In dit artikel worden de syntaxis van de formule en het gebruik van de functie LIJNSCH in Microsoft Excel beschreven. Koppelingen naar meer informatie over grafieken en het uitvoeren van een regressie-analyse vindt u in de sectie Zie ook.
Beschrijving
Met de functie LIJNSCH berekent u de grootheden voor een lijn met de methode van de kleinste kwadraten om een rechte lijn te berekenen die het beste past bij uw gegevens, en wordt als resultaat een matrix gegeven die de lijn beschrijft. U kunt de functie LIJNSCH ook combineren met andere functies en zo de statistische gegevens voor andere typen modellen berekenen die lineaire modellen in de onbekende parameters zijn, waaronder machtreeksen en polynomiale, logaritmische en exponentiële reeksen. Omdat deze functie een matrix met waarden als resultaat geeft, moet de functie worden ingevoerd als een matrixformule. Instructies vindt u na de voorbeelden in dit artikel.

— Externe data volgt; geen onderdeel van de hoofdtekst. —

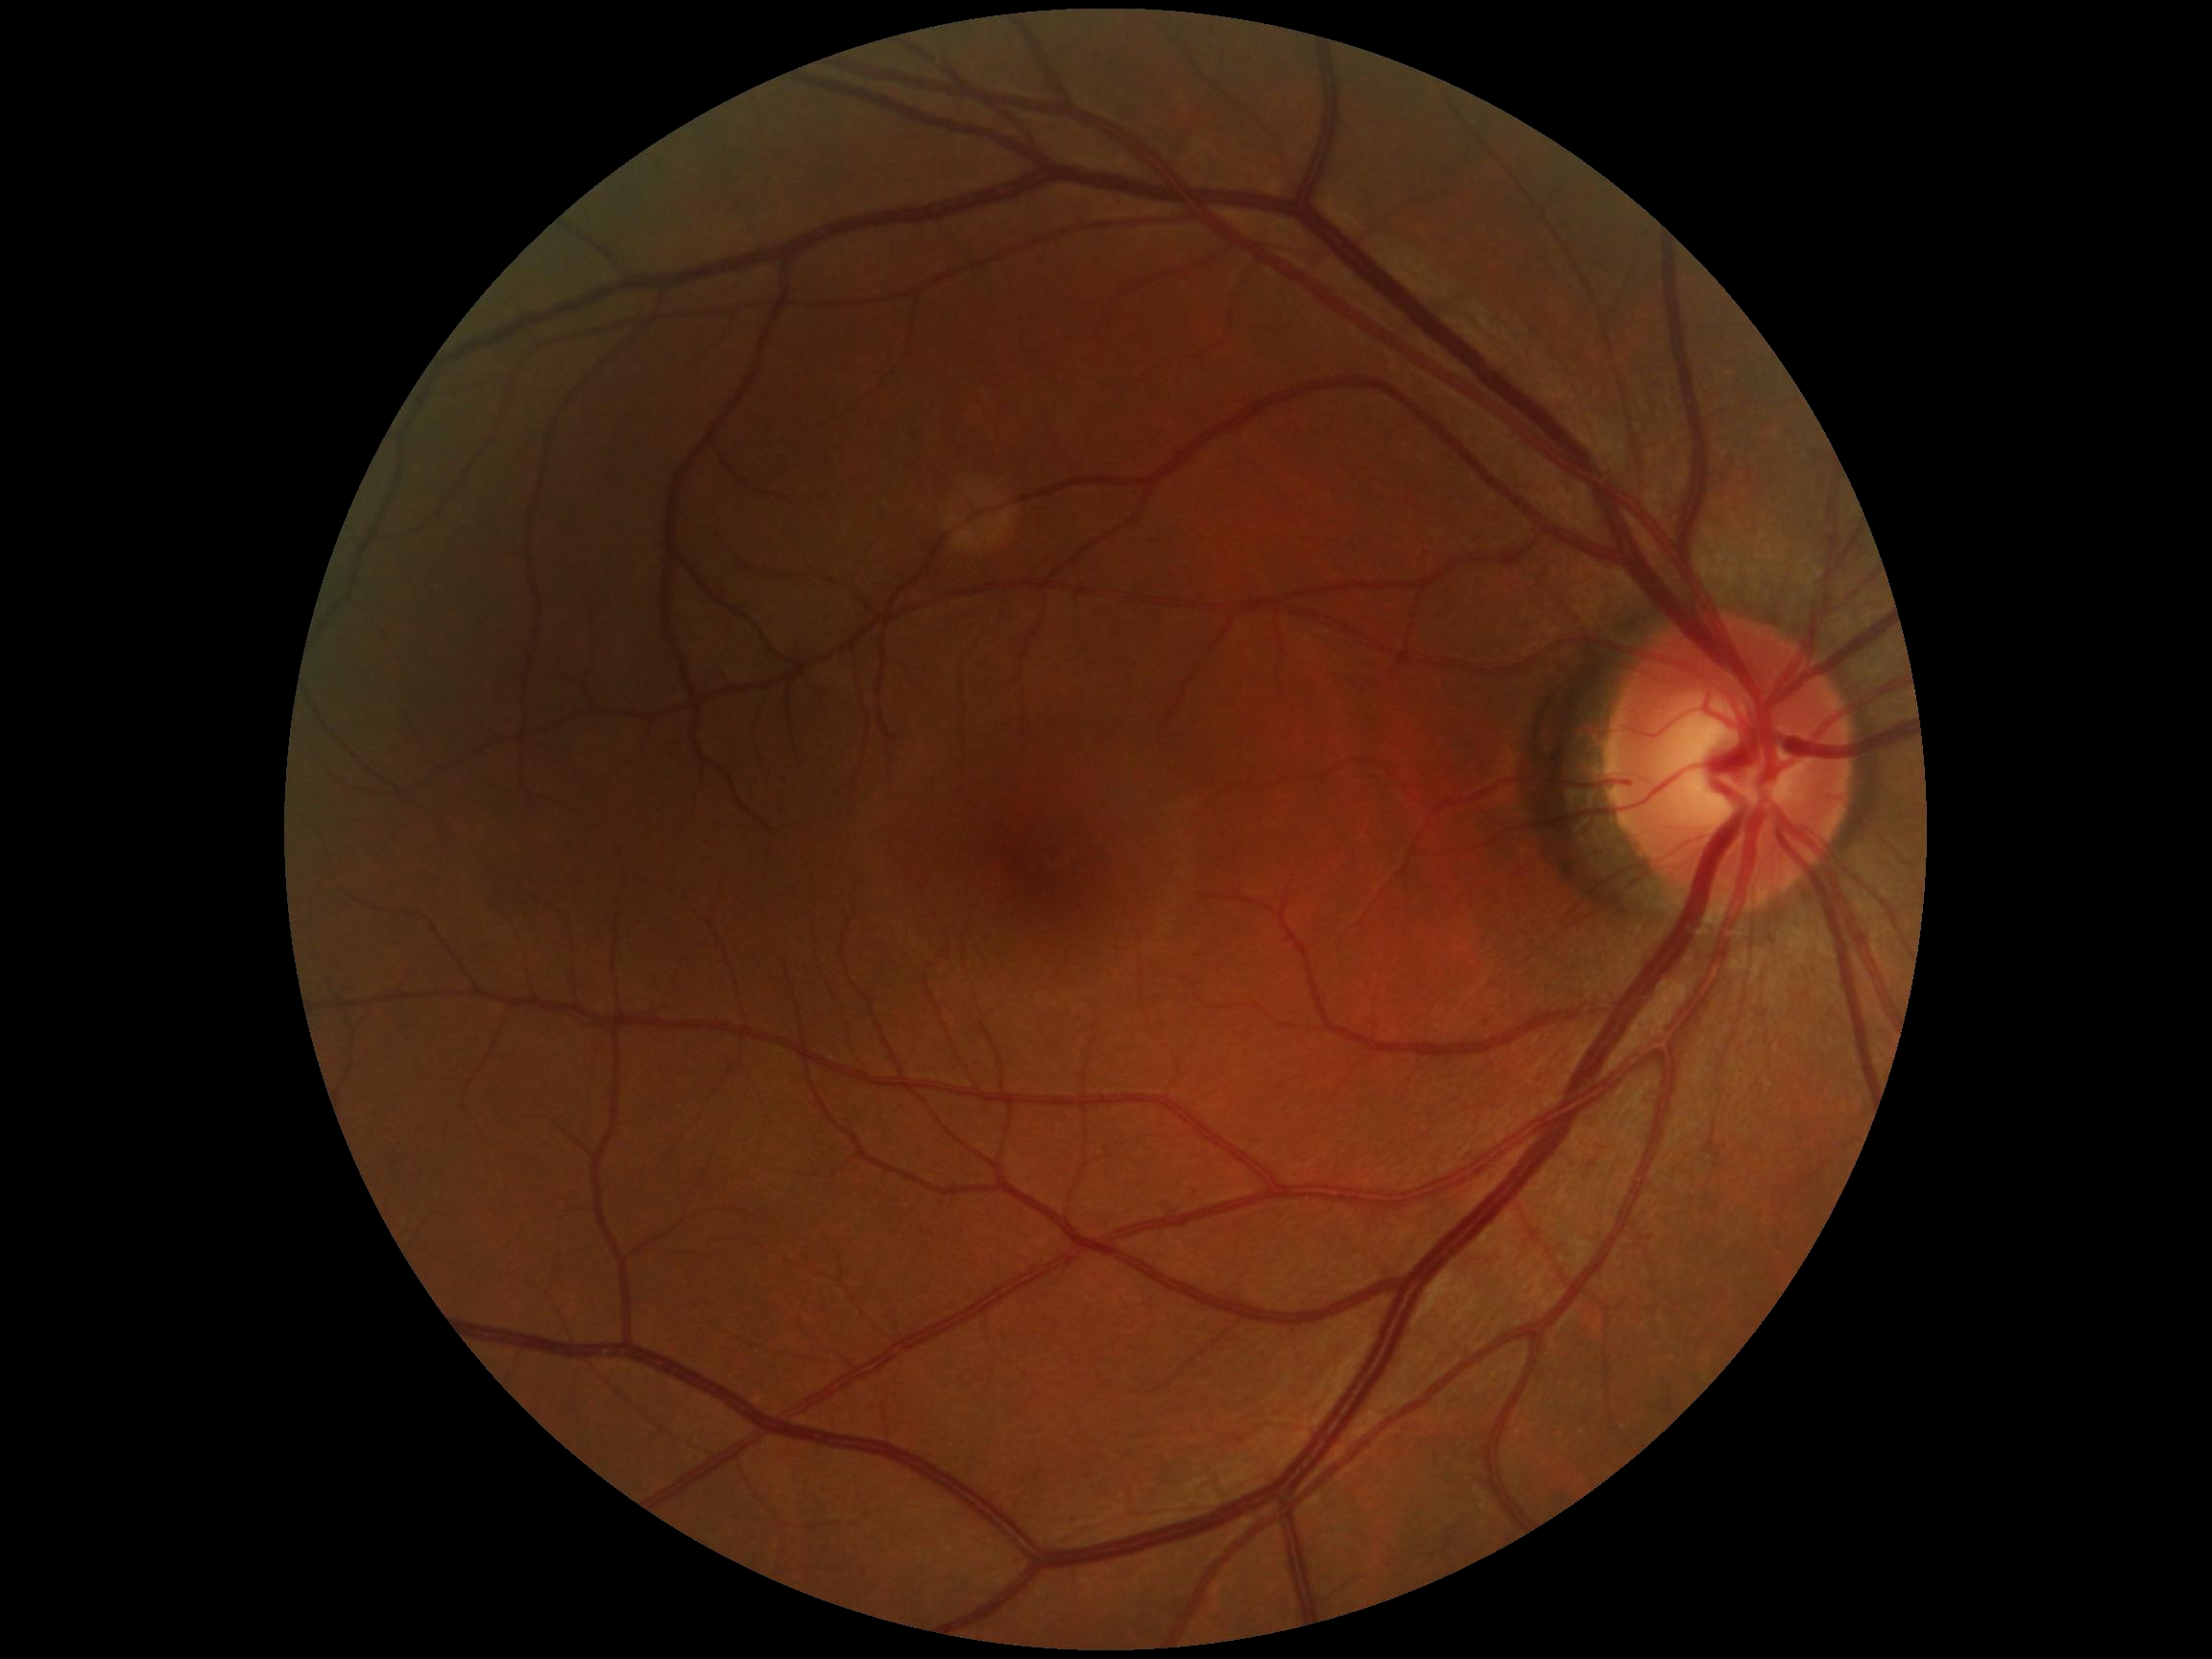

DR severity is no apparent retinopathy (grade 0) — no visible signs of diabetic retinopathy.

De vergelijking voor de lijn luidt als volgt:
y = mx + b
-of-
y = m1x1 + m2x2 + ... + b
als er meerdere bereiken van x-waarden zijn, waarbij de afhankelijke y-waarden een functie zijn van de onafhankelijke x-waarden. De m-waarden zijn coëfficiënten die corresponderen met de x-waarden en b is een constante. Let erop dat y, x en m vectoren kunnen zijn. Het resultaat van de functie LIJNSCH is {mn,mn-1,...,m1,b}. Met de functie LIJNSCH kunt u ook aanvullende regressiegrootheden berekenen.
Syntaxis
LIJNSCH(y-bekend;[x-bekend];[const];[stat])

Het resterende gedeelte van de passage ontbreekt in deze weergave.